Lithium Americas has officially finalized its joint venture agreement with General Motors (GM) to develop the Thacker Pass lithium mine in Nevada. This partnership aims to enhance domestic lithium production, which is an essential resource for electric vehicle (EV) batteries.
As part of the agreement, GM will invest $625 million, securing a 38% stake in the Thacker Pass project. This investment will consist of both cash and a credit facility.
It is important to note that Thacker Pass, located in northern Nevada, is projected to become one of the largest lithium mines in the United States. In its initial phase, it is expected to produce 40,000 metric tons of battery-grade lithium carbonate annually. This production volume is sufficient to support manufacturing up to 800,000 electric vehicles annually, highlighting the project’s significance for the EV market.

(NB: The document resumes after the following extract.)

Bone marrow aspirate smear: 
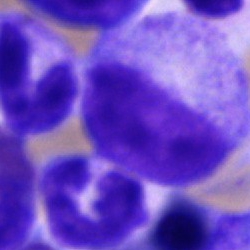 Promyelocyte.

Strategic and financial backing
The Thacker Pass project has received strong support from both public and private sectors, including:
- In 2023, the U.S. government approved a $2.26 billion loan to advance the mine’s development.
- While this financial backing was finalized during the Biden Administration, the project received its initial green light under President-elect Donald Trump, highlighting bipartisan recognition of its strategic importance.
According to Jonathan Evans, CEO of Lithium Americas, the company is targeting a final investment decision in early 2025, signaling the next critical milestone in the mine’s development. Construction is expected to ramp up, with production anticipated to commence later this decade.
For GM, this partnership reflects a strategic effort to secure a reliable, domestic lithium supply, reducing dependence on foreign sources as EV production accelerates. As automakers face increasing pressure to meet electrification goals, the development of Thacker Pass represents a pivotal step in stabilizing the North American battery supply chain.